Это все Блёндаль. Он хочет измучить меня ожиданием, прежде чем подставить мою шею под топор. Хочет, чтобы я сломалась, он – изверг и потому отнимает единственное утешение, которое осталось у меня в мире. Отнимает Тоути и принуждает меня бессмысленно следить за тем, как течет время. Какой жестокий дар – дать мне столько времени на то, чтобы проститься с жизнью. Почему мне не скажут, когда, в какой день я должна умереть? Быть может, это случится завтра – а преподобного не будет рядом, чтобы мне помочь. Почему он не приезжает?
Меня угнетает эта бесповоротность. Смертный приговор вкупе с серыми буднями хуторской жизни терзает сердце, точно острый нож. Возможно, было бы лучше, если бы меня оставили в Стоура-Борге. Я могла бы умереть от истощения. Обросла бы коростой грязи, насквозь пропиталась холодом и безнадежностью, и моя плоть, ощутив неминуемость смерти, сама бы охотно рассталась с этим миром. Все лучше, чем снежным днем праздно мотать шерсть, дожидаясь, пока кто-нибудь меня убьет.
Быть может, в следующее воскресенье я попрошусь пойти с Маргрьет в церковь. Для чего еще Бог, как не для того, чтобы отвлечься от той трясины, в которой мы погрязли?
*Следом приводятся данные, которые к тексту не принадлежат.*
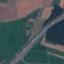
Label: Highway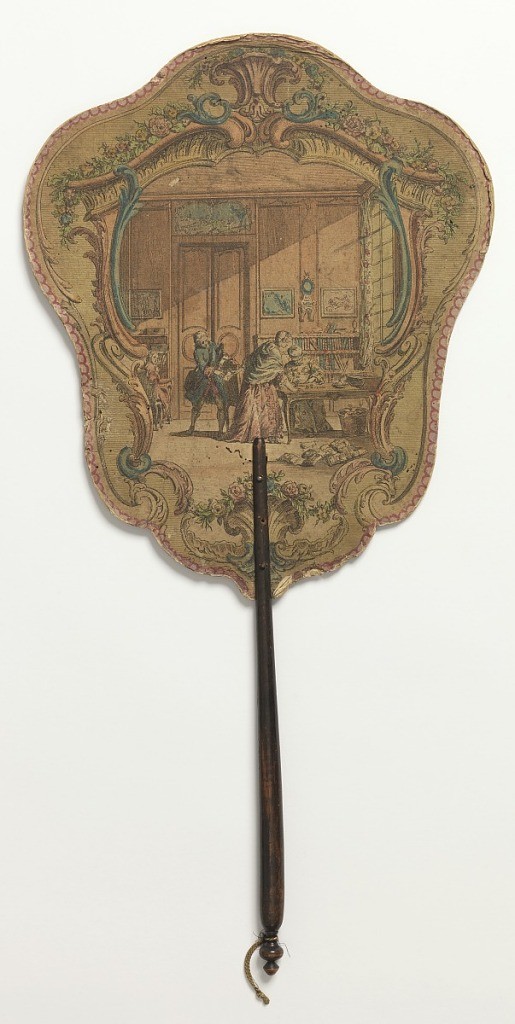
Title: Handscreen
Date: mid- 18th century
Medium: Engraved and hand-colored paper leaf, turned wood handle
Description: Handscreen with paper lear and turned wood handle. Obverse: scrolling cartouche with an interior scene showing a seated woman counting money while a standing woman passes an envelope to a messenger. Reverse: scrolling cartouche with rocaille and the poem "Femme Adroite."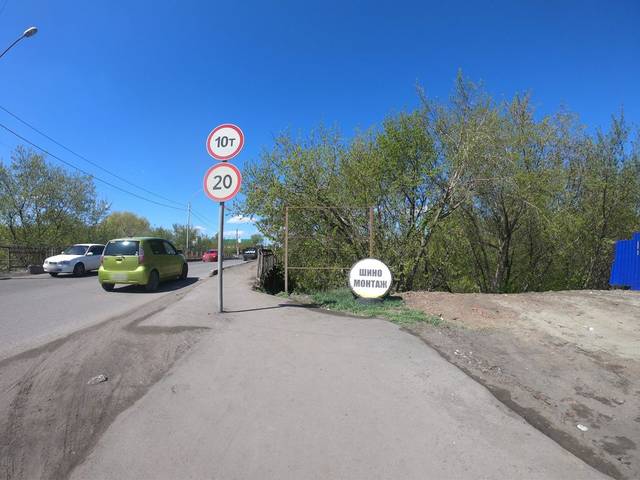
Region: Russia
Coordinates: 53.322, 83.768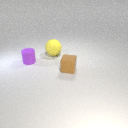
large yellow rubber sphere behind small purple rubber cylinder

Все мы – жертвы кораблекрушения, выброшенные на зыбучие пески нищеты. Когда я вообще в последний раз посещала церковь? Уж верно не в те времена, когда жила в Идлугастадире. Скорее всего – в Гейтаскарде, вместе с другими слугами. Мы прибывали туда верхом и за церковной стеной переодевались в лучшую свою одежду, и холодный утренний ветер щипал нас за голые ноги, покуда мы, отряхнувшись от конского волоса, торопливо натягивали свои наряды. Мне не хватает душного тепла и тесноты, чихания, кашля и хныканья маленьких детей. Я хочу, чтобы голос священника журчал, омывая мой слух, – просто ради того, чтобы внимать его журчанию. Вот так я в детстве, когда меня нанимали на хутора по ту сторону реки подмывать обделавшихся младенцев и стирать белье с золой и жиром, сбегала в церковь, чтобы ощутить себя частицей некоего целого. Очиститься.
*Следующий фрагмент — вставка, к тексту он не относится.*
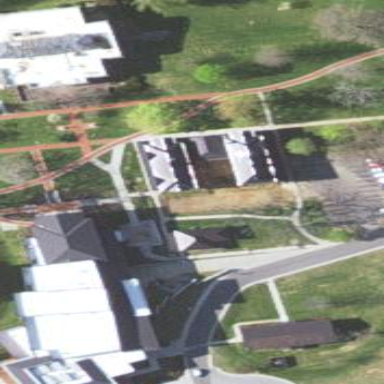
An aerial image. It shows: College building.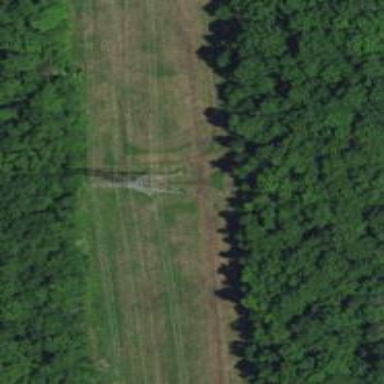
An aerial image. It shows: Power tower.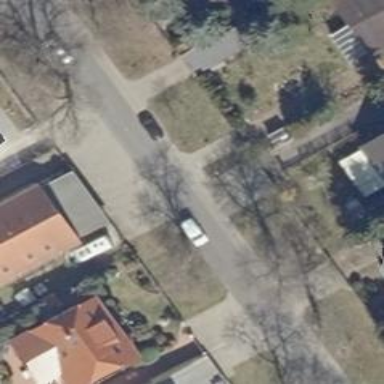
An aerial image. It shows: Residential road with asphalt surface and sidewalk on the left side.

Возможно, все обернулось бы иначе, если бы Натан дозволял мне посещать церковь в Тьёрне. Я могла бы там с кем-нибудь сдружиться. Познакомиться с какой-нибудь семьей и обратиться к ним за помощью – потом, когда все пошло кувырком. С хозяевами других хуторов, к которым я могла бы наняться. Но Натан не пускал меня в церковь, и не было у меня ни другого друга, ни огонька, чтобы идти на него через зимнюю пустошь.
Быть может, мы с Роусой и подружились бы, если бы свели знакомство иным образом. Натан всегда говорил, что у нас с ней сходства столько же, сколько у лебедя с вороном, однако он ошибался. Прежде всего мы обе любили его. И, кроме того, что бы я там ни говорила преподобному, душа моя от стихов Роусы вспыхивала, точно сухая стружка, и пламя это освещало меня изнутри. Натан всегда любил ее. Да и разве могло быть иначе? Ее стихи превращали людей в живые светильники.